If we search the Hindu Vedic scriptures, this description matches the elder son of Shiva, Lord Kartikeya. In the scriptures, it is so mentioned that the sage Sanat Kumara was born as the son of Shiva and Parvati. Just as Lha Chu is also the mother of Sanat Kumara in the Tibetan tradition, the Ganga is said to be his mother in the Vedic tradition. Hence, it can be concluded that Sanagpa is Sanat Kumara because another name of Sanat Kumara is Sanakpada, and it is a standard practice in the languages spoken in Tibet, Bhutan and eastern parts of India to drop last letter, which makes it Sanakpa.
Choku Gompa
So the Lha Chu river is the river Ganga and the mountain on which Choku Gompa is situated is the palace of her son, Sanagpa (Sanat Kumara/Lord Kartikeya/Murugan). The sage who came and glowed like fire was Sage Angira, as the scriptures describe. Through his tapasya (meditation), he glowed like fire, which is why he is known as Angira (shining like fire). He is said to be one of the “Sapta Rishis.”
Also, as stated earlier, you can see the west face of Kailash opposite to this monastery. While looking at the west face of Kailash, you can see the Rocky Mountains alongside. On one of the mountains, you can see a carved rectangular-shaped door–type structure, which is said to be the portal to Shambhala/Shangri-La / Gyanganj as written in a Russian book by Dr Ernst Muldeshev. The carved door is supposed to open only to people who are completely pure.
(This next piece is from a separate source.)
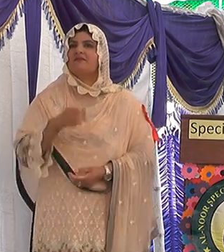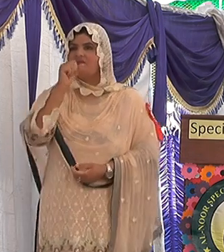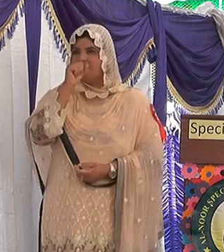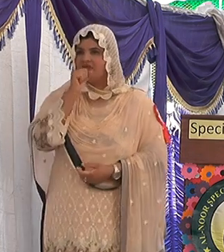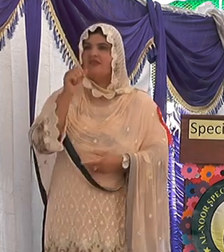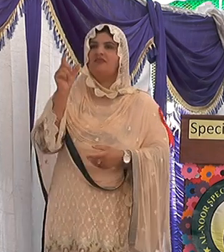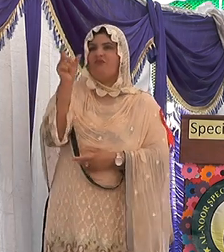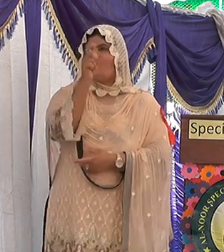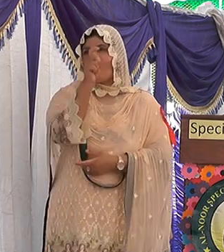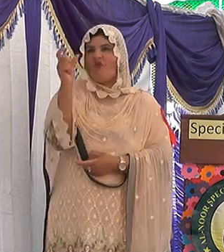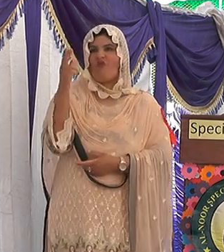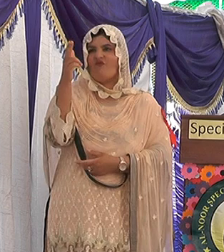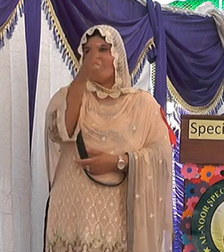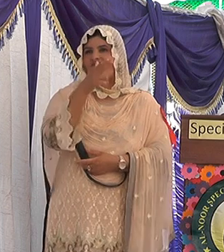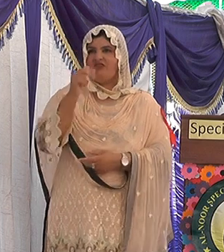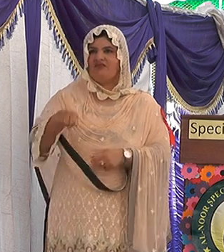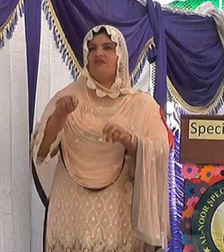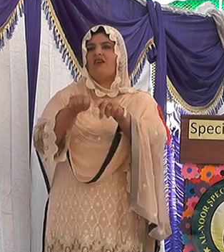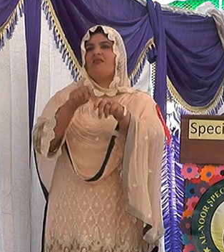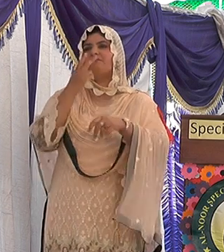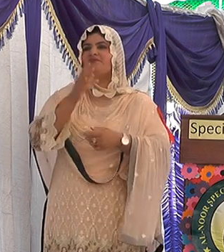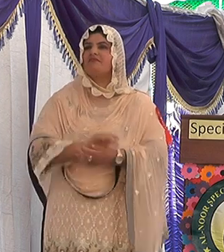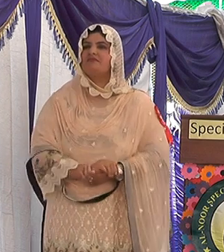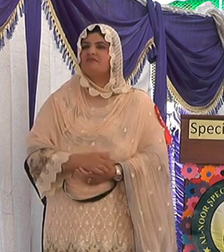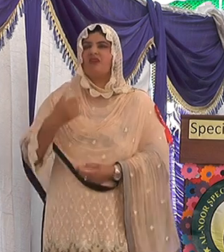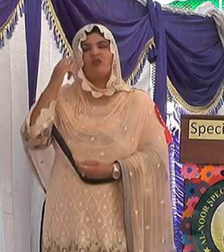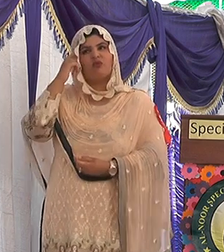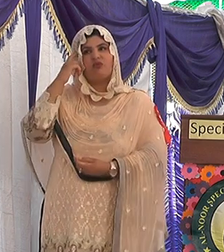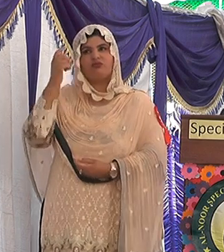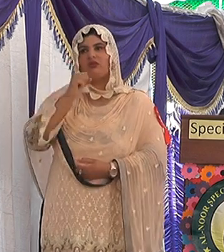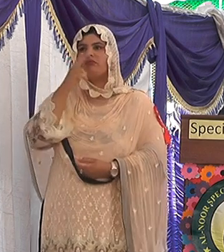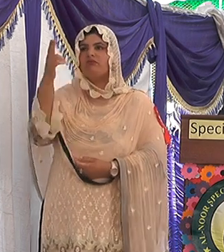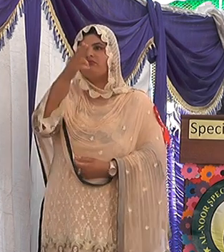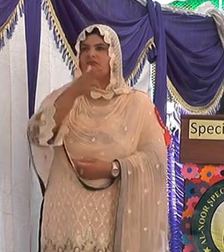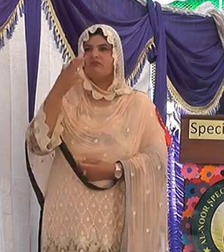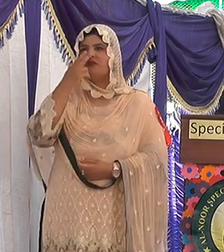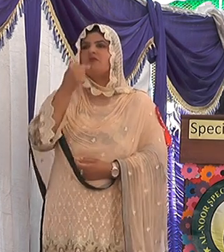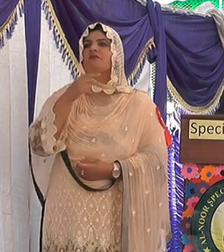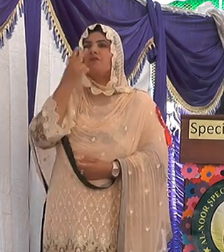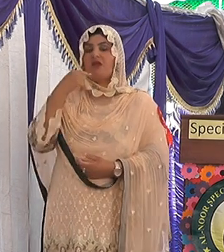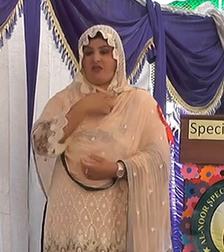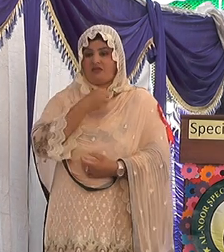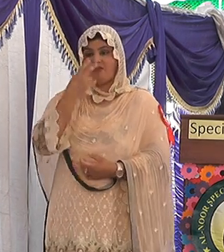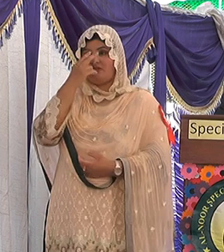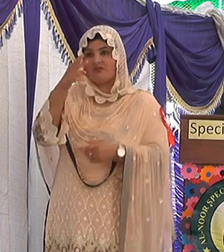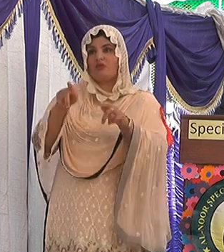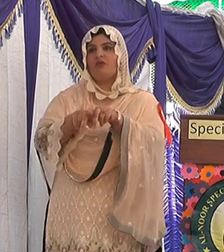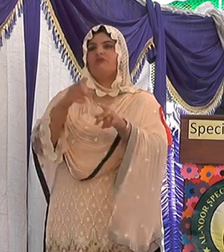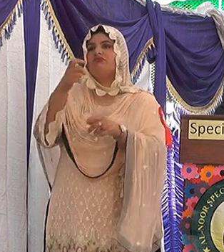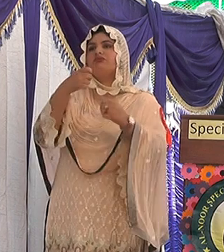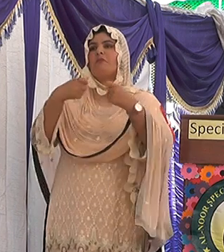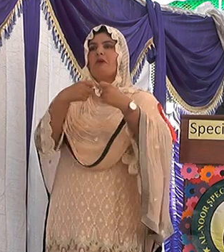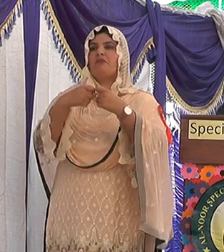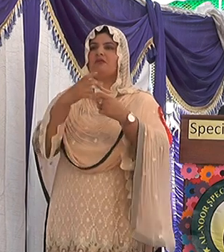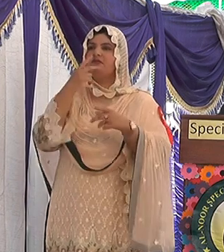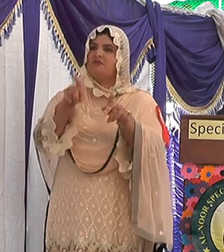اور کیمرہ استعمال ہوتا ہے اسے ہم سیکلاجیکل وارفیر کہتے ہیں یہ طلبوں نظر کی جنگ ہے جس میں موٹیویٹرز
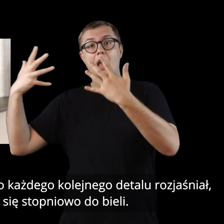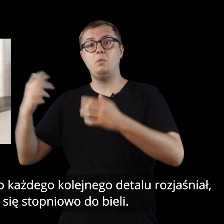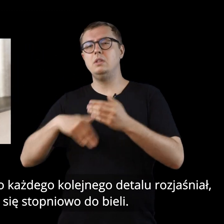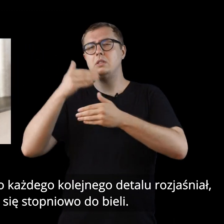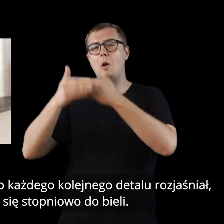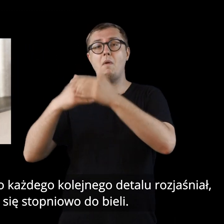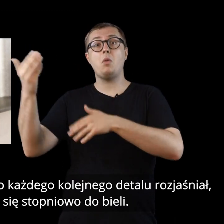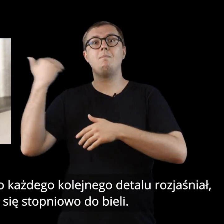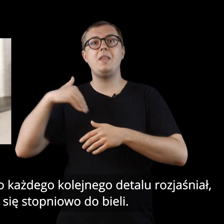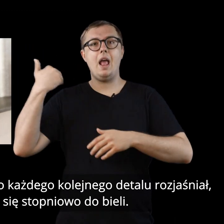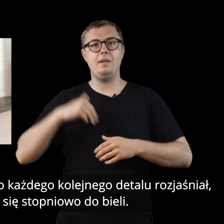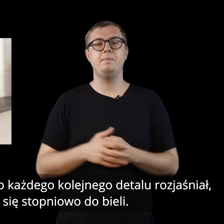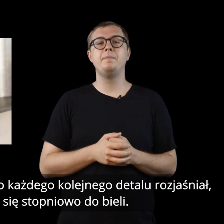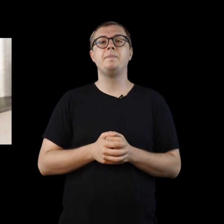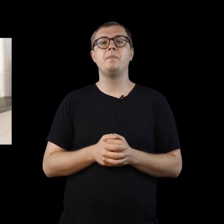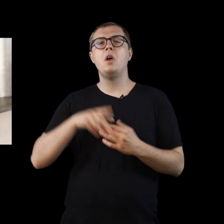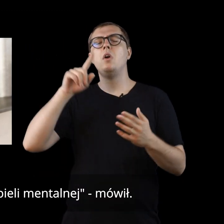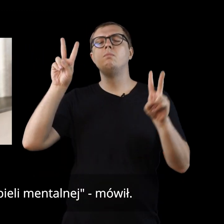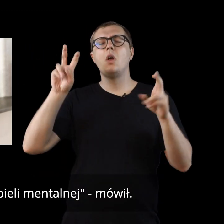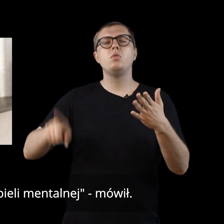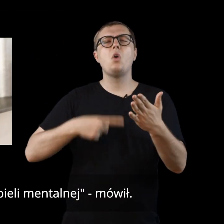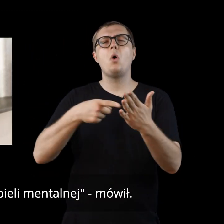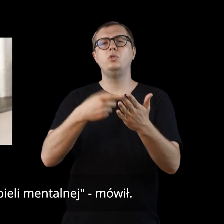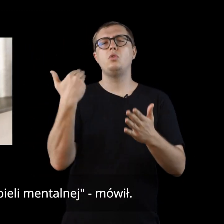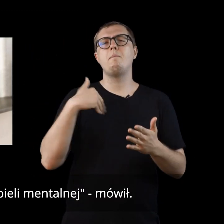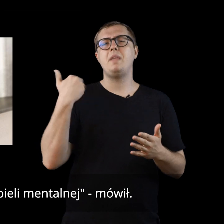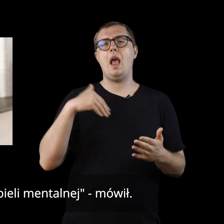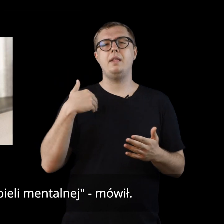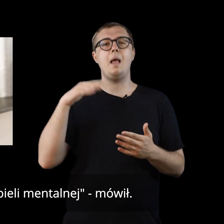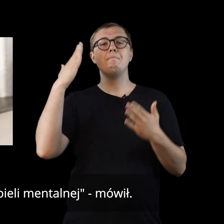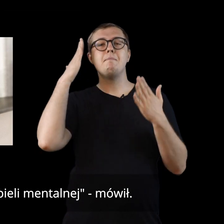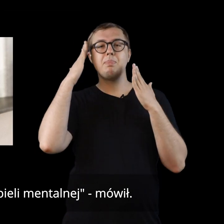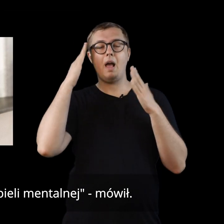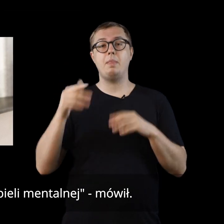się stopniowo do bieli. Dążę do bieli mentalnej, mówił.

West face of Kailash and Portal to Gyanganj
Dirapuk (Tibet)
After travelling for about 5–6 hours, you reach Dirapuk. If the weather is clear , you can catch a beautiful view of the north face of Kailash from the Dirapuk rest house. This is also the place to stay for the night before proceeding the next day. Early morning here, you can catch a glimpse of the rays of sunlight on Kailash which makes it look golden.
Zuthulphuk (Tibet)
The second day being the toughest, you should sleep early to get the maximum rest. The second day trek is about 25 km, and you have to go through Dolma Pass, which is at about an altitude of 18,000 ft and then descend steeply to Zuthulphuk which is at a height of 15,000 ft. On the way, you come across the Gauri Kund where, according to the mythological beliefs, the Goddess Tara/Parvati had meditated for Demchok or the Lord Shiva. You can go down to the Kund to collect water; however, it can take anything between 1 and-2 hours, going and coming. Most of the people generally prefer to ascend Dolma Pass on the pony (except a few tough souls who prefer to walk) but you have to get down and walk during descent. The second-day stop is at Zuthulphuk.The third day is relatively easy with a distance of 14 km, and the exit from the valley can be reached within 3-4 hours.
The path of Circumambulation (Parikrama) of Kailash
At the ending point of the valley, a bus will be waiting to drive you back to Darchen.All in all, we were able to complete our Kailash Manasarovar Yatra in 14 days.